11/1(木)15:00〜松岡先生が研究室の紹介をしてくださる予定です。
第1回目 †
10/4
課題
渡したMPI仕様書を読んで、どういった通信関数があるか調べて簡単にまとめてくること。
主に一対一通信、集団通信の2グループに分かれるが、それぞれに多くの通信関数が提供されているので、関数の特徴をまとめてくること
ヒント
一対一通信
- 同期通信(ブロッキング通信)
- 非同期通信(ノンブロッキング通信)
集団通信
- 全対全
- 一対多、多対一通信
- Reduction操作
第2回目 †
10/11
課題確認
クイズ
- 同期通信、非同期通信はなぜ分類されているのか
- 非同期通信だと何がうれしいか
- MPIではなぜ集団通信が用意されているか
MPIを使った並列プログラミング
基本
- データ、問題を細かく分割し、多くのコンピュータに配分・実行させる
- マシン性能に応じて配分する問題サイズを変えること(負荷分散)も重要だけど、今回は省略
- 出来るだけ少ない通信量
MPIアプリケーションと、サーバ・クライアント型アプリケーションの違い
- サーバ・クライアント型
- 一般にサーバとクライアントアプリケーションは異なるプログラム(MPMD: Multiple Program Multiple Data)

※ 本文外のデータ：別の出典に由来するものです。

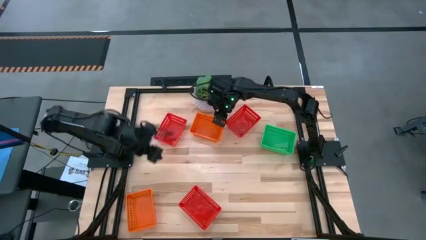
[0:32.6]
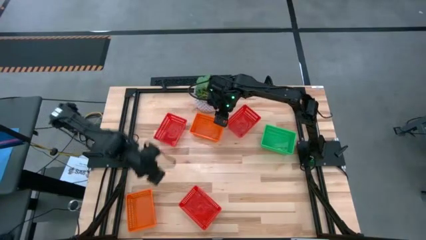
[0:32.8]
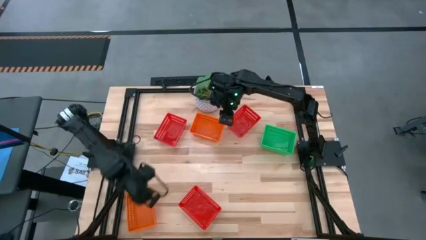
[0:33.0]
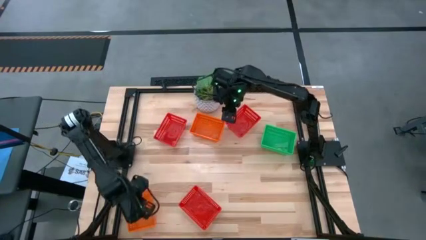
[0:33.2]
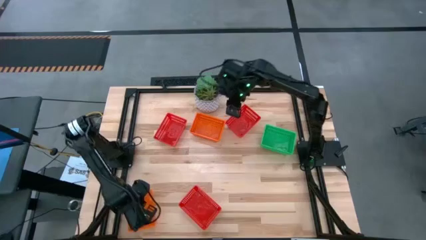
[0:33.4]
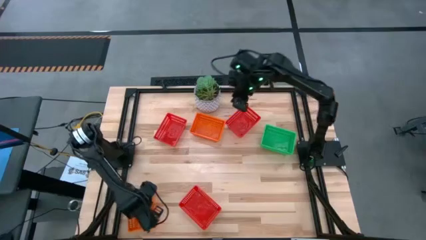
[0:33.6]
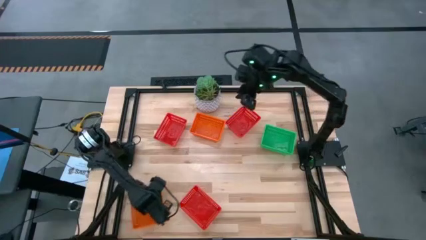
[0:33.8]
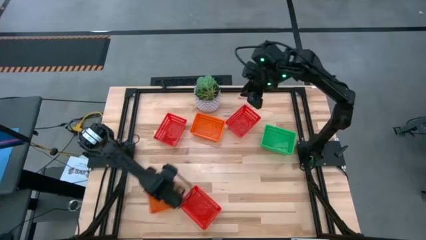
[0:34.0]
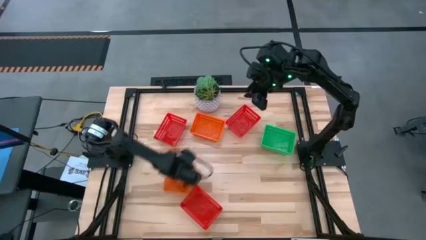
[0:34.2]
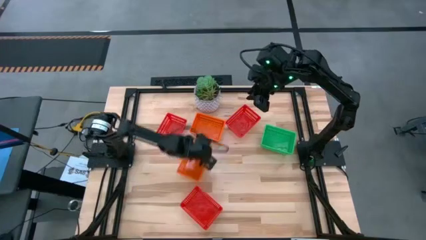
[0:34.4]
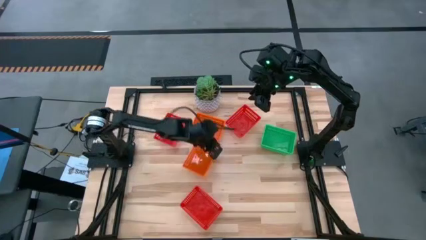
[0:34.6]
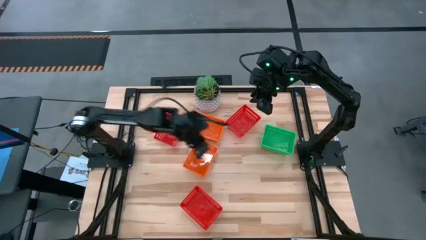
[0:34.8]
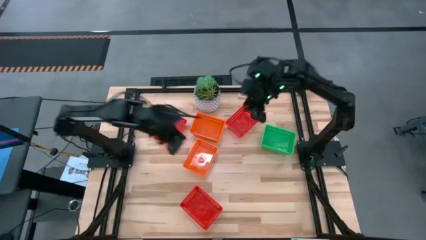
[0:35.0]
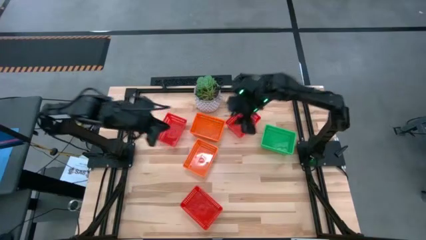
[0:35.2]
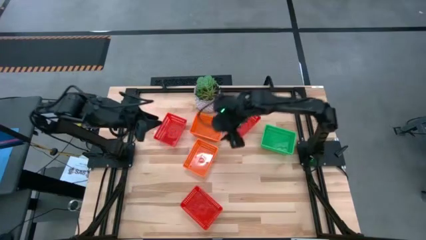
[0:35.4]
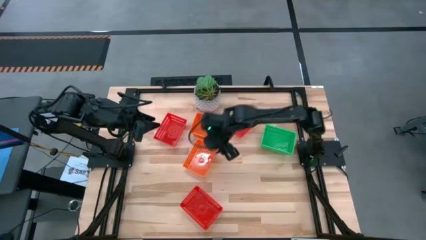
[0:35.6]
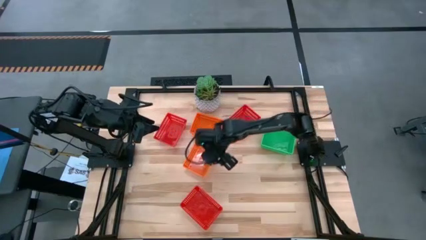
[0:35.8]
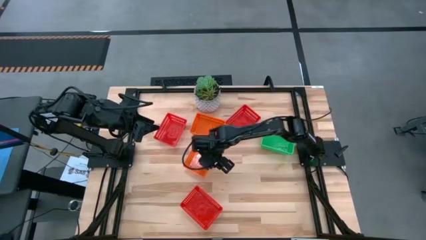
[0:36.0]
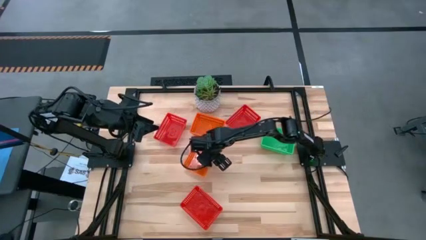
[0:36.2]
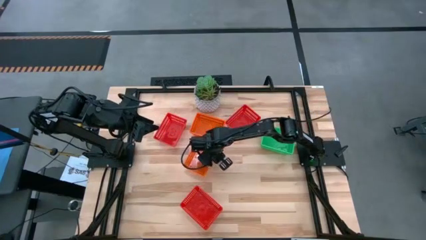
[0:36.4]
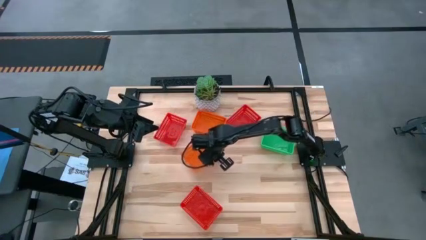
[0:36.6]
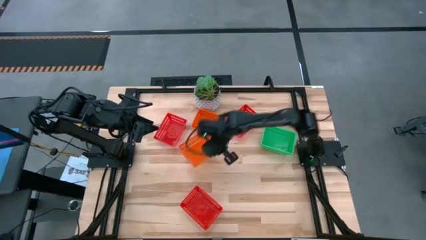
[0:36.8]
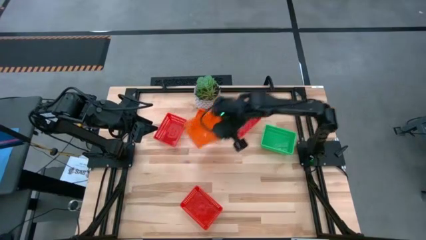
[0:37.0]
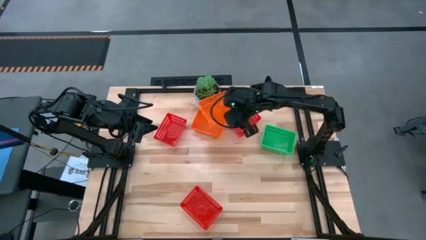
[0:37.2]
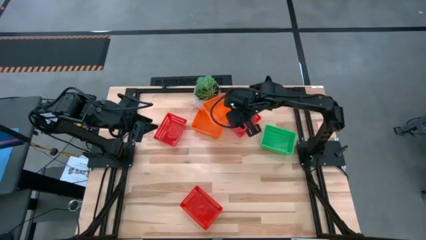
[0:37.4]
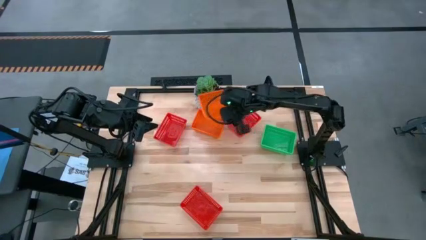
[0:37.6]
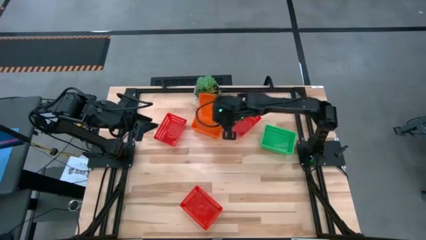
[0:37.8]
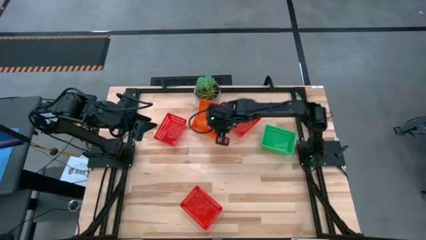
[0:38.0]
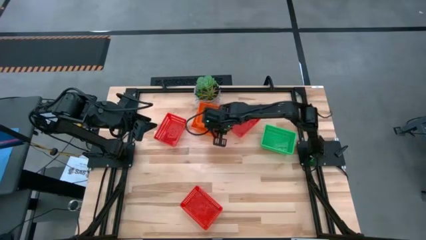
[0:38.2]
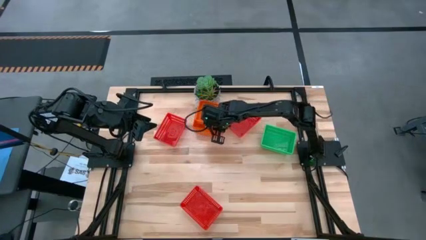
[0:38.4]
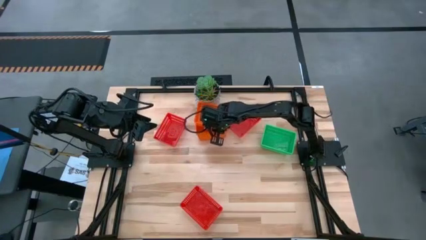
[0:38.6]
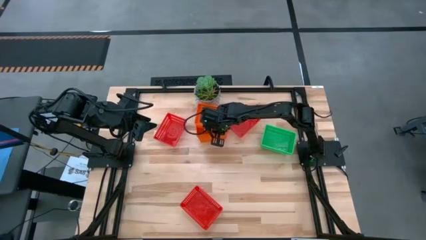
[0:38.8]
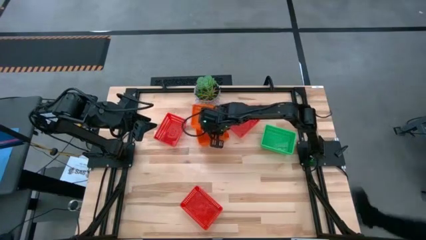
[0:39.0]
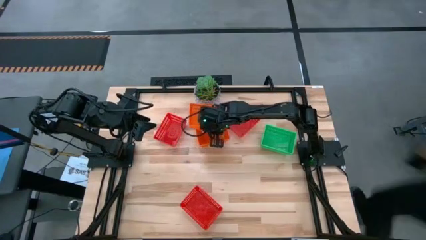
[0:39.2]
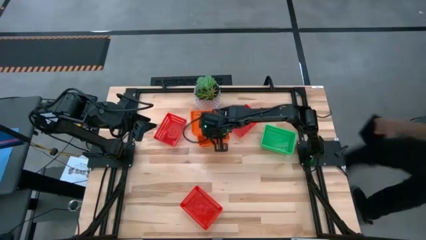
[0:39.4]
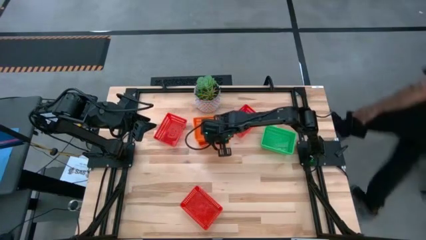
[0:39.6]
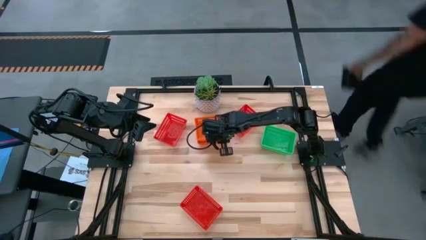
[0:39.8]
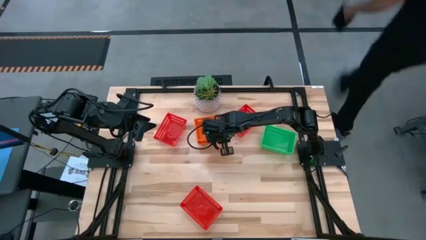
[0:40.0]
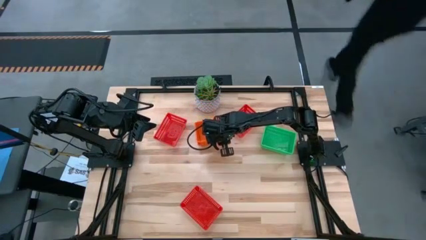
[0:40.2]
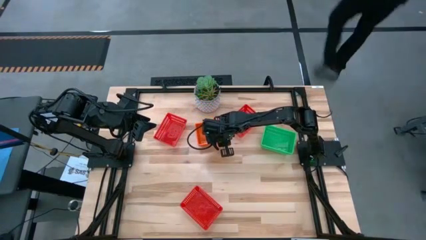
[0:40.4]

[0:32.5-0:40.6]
Stack the bottom orange bin into the stacked orange bin

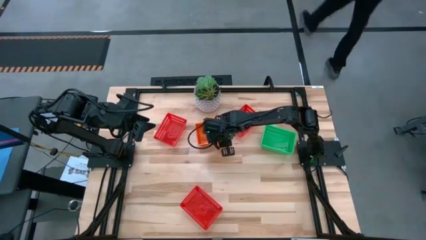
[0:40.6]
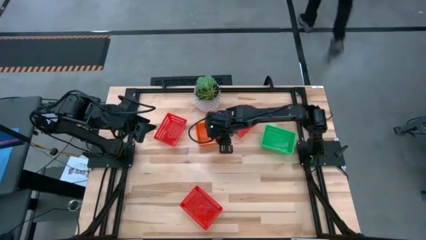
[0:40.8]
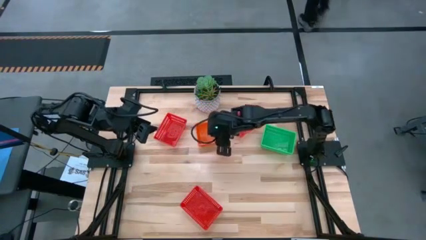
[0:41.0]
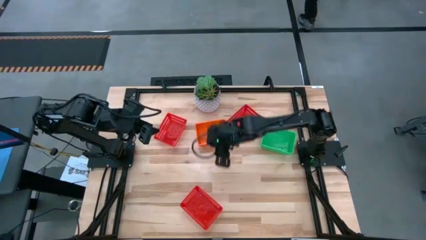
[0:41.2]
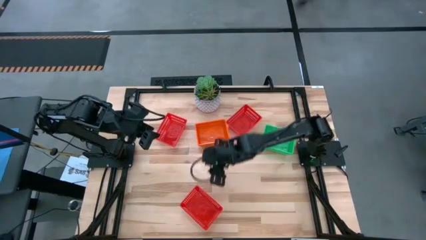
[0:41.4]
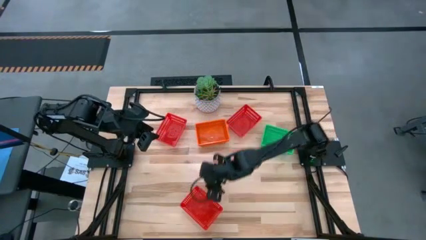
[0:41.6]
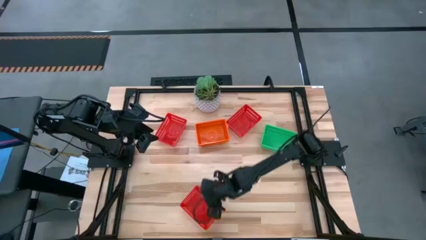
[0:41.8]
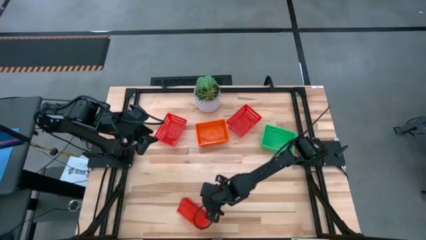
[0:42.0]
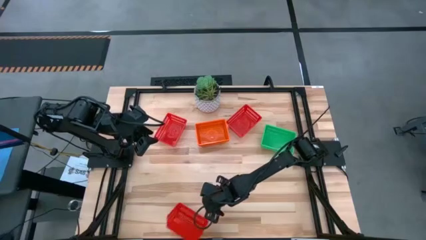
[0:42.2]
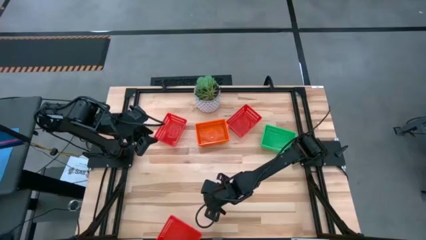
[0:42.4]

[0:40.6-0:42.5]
Stack the bottom red bin into the top right red bin

- WebサーバとWebブラウザ、ファイルサーバとクライアント(専攻の演習マシン)
- MPI並列アプリケーション
- 全てのプロセス(マシン)が同じプログラムを実行、ただし、処理対象データは異なる(SPMD: Single Program Multiple Data)
- もちろん、MPIライブラリを用いてサーバ・クライアント型アプリケーションも書ける
MPIプログラムのサンプル
添付ファイル mpi_pi.c を参考。
このファイルはモンテカルロ法を用いてPIを計算する、本当に初歩的なMPIプログラム。
MPI関数もMPI_BcastとMPI_Reduceしか用いていず、1関数での通信量も高々4バイト。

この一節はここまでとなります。